Прижизненные выставки Василия Верещагина, как известно (а кому неизвестно, тот может прочитать), вызывали скандалы, их закрывали, многие картины цензура запрещала. Художник периодически оскорблял чувства патриотов и верующих. Картину «Воскресение», написанную под влиянием тогдашнего властителя атеистических умов Эрнеста Ренана, в Вене возбужденный католик облил медным купоросом. Верещагин даже «переложил револьвер из заднего кармана в боковой», когда «какой-то сумасшедший, проповедовавший перед моими картинами, все спрашивал мой адрес» (этот фрагмент из письма художника жене приведен в каталоге). Но нынешнюю публику возмутило другое.
Как ни удивительно, но не картины, а их рамы вызвали у вернисажных зрителей раздражение, граничащее с возмущением. Портрет «Отставной дворецкий», обрамленный золоченой резной рамой, площадью превышающей само изображение, был многократно воспроизведен в том крохотном фрагменте социальных сетей, где водятся профессиональные любители искусства. В горячих комментариях тут же виновником объявлялся музей или безвкусный заказчик картины (никакого заказчика у цикла о простых русских людях не было). Я комментаторов понимаю: рама возмутительно богата, золото глаза застит.
В выпущенной к выставке книге есть две статьи, для подобного издания нехарактерные: авторства Ирины Альтер о выставочной деятельности Верещагина и его новаторских способах экспонировать картины и «Говорящие рамы» Светланы Соловьевой. Хотя именно о раме «Отставного дворецкого» в каталоге ничего не сказано.
В статье Соловьевой разобраны более серьезные примеры важности для Верещагина массивных рам, декор которых был тщательно продуман и торжественен, как подобает обрамлению героических полотен. Автор рассказывает в основном о текстах на рамах, являющихся не аналогами современных подписей под репортажными фотографиями (такое мнение встречается, когда Верещагина объявляют военкором), а назидательными надписями на памятниках и эпитафиями. «Ляжем костьми, не посрамим земли русской, мертвые сраму не имут» — на картине «Нападают врасплох» воспроизведены слова князя Святослава из летописи Нестора. В иллюстрациях к статье рамы подписаны как картины: «Дерево, лепнина, крупнозернистая присыпка, резьба, блестящая и матовая позолота. 174х244. Размер по внутреннему краю 124х193».
Признаться, никогда в жизни я не рассматривала раму «Апофеоза войны», а ее благородная величественность того стоит — отвлекали страшные черепа, зловещие вороны и мысли, что Сальвадору Дали такого не снилось. А вот глядя на заурядного, тактично говоря, «Отставного дворецкого», только о раме и думала.

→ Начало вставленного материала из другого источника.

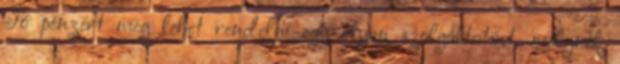
Jó pénzért meg lehet rendelni egy olyan szolgáltatást, melynek
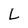
Character: L
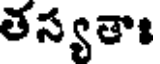
తస్యతాః
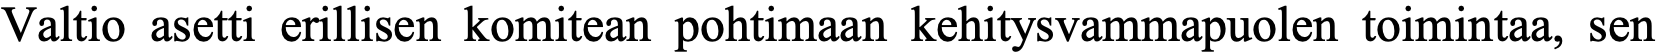
Valtio asetti erillisen komitean pohtimaan kehitysvammapuolen toimintaa, sen
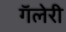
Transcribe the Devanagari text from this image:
गॅलेरी
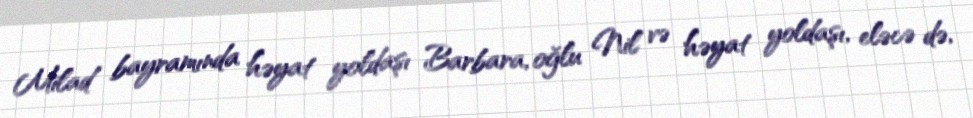
Milad bayramında həyat yoldaşı Barbara, oğlu Nil və həyat yoldaşı, eləcə də,
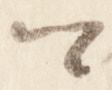
卿
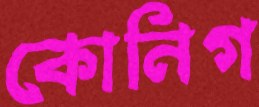
কোনিগ
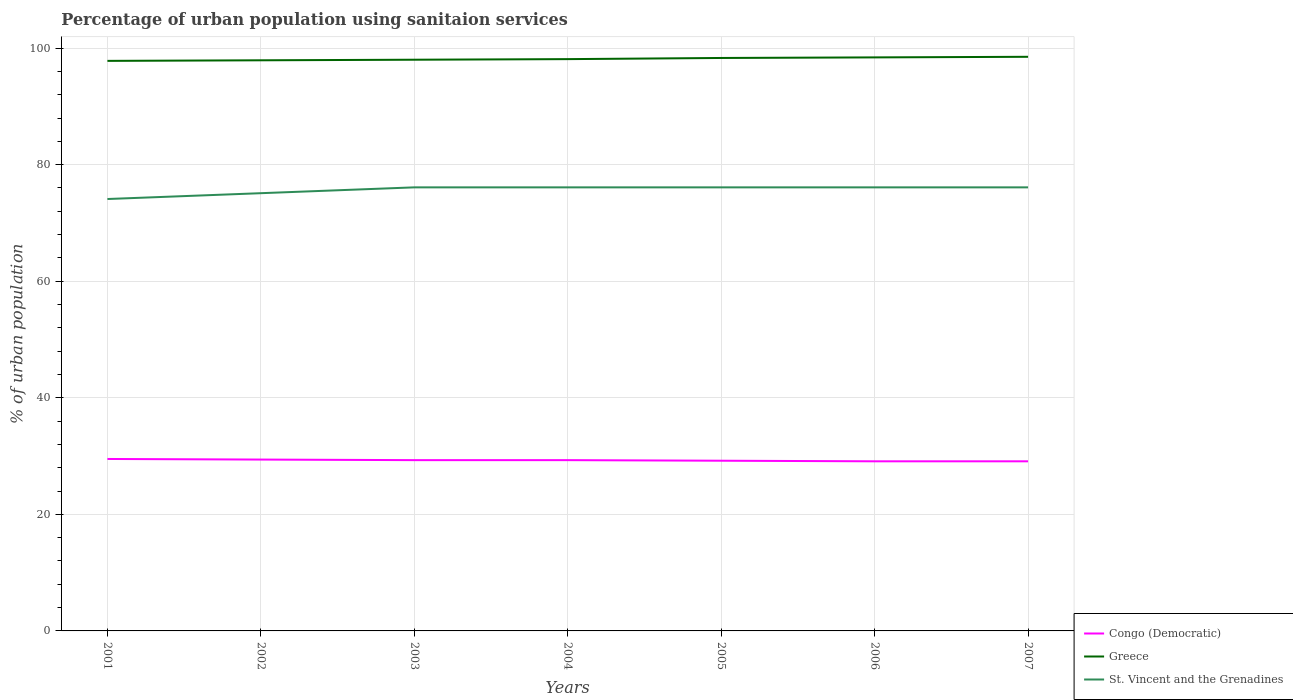
| Years | Congo (Democratic) | Greece | St. Vincent and the Grenadines |
 | --- | --- | --- | --- |
 | 2001 | 29.5 | 97.8 | 74.1 |
 | 2002 | 29.4 | 97.9 | 75.1 |
 | 2003 | 29.3 | 98 | 76.1 |
 | 2004 | 29.3 | 98.1 | 76.1 |
 | 2005 | 29.2 | 98.3 | 76.1 |
 | 2006 | 29.1 | 98.4 | 76.1 |
 | 2007 | 29.1 | 98.5 | 76.1 |
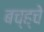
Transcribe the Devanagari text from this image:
बच्ह्चे
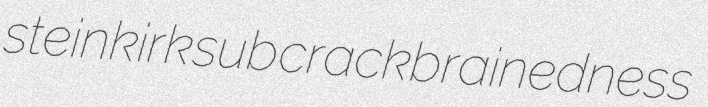
steinkirk sub crackbrainedness

Верещагин, рассказывает Соловьева, предполагал на всех картинах раннего цикла «Варвары» вырезать цитаты из Корана. «Очевидно, эта идея была навеяна ему многочисленными арабскими надписями на стенах древних сооружений Самарканда». Арабского Верещагин не знал, но был, как видно, зачарован красотой восточного шрифта, как и резьбой двери Тамерлана или колонн самаркандского дворца, которые в картине «Представляют трофеи» занимают центральное место. Вообще, предметный мир и всякая прекрасная «прикладнина» возбуждали его талант. Но, что делать, чужую красоту он понимал лучше родной.
Русский цикл Верещагина — поздний и не слишком, будем честны, удачный. Но достаточно посмотреть на соседние с «Отставным дворецким» картины — «Иконостас церкви Иоанна Богослова на Ишне близ Ростова Ярославского» или «Резной столб в трапезной Петропавловской церкви в селе Пучуге Вологодской губернии» (в сущности, портрет балясины), чтобы понять, почему у изображений «незамечательных русских людей» такие избыточно массивные рамы. Они своего рода киоты, пусть и вопиюще, на наш взгляд, безвкусные.
Непривычно, но в каталоге выставки многие картины воспроизведены с рамами. Понятно почему, но глаз режет. Придется, однако, смириться из уважения к классику. Он на своих выставках обрамлял даже фотографии отсутствующих картин, что, на современный взгляд, похуже, чем безвкусица.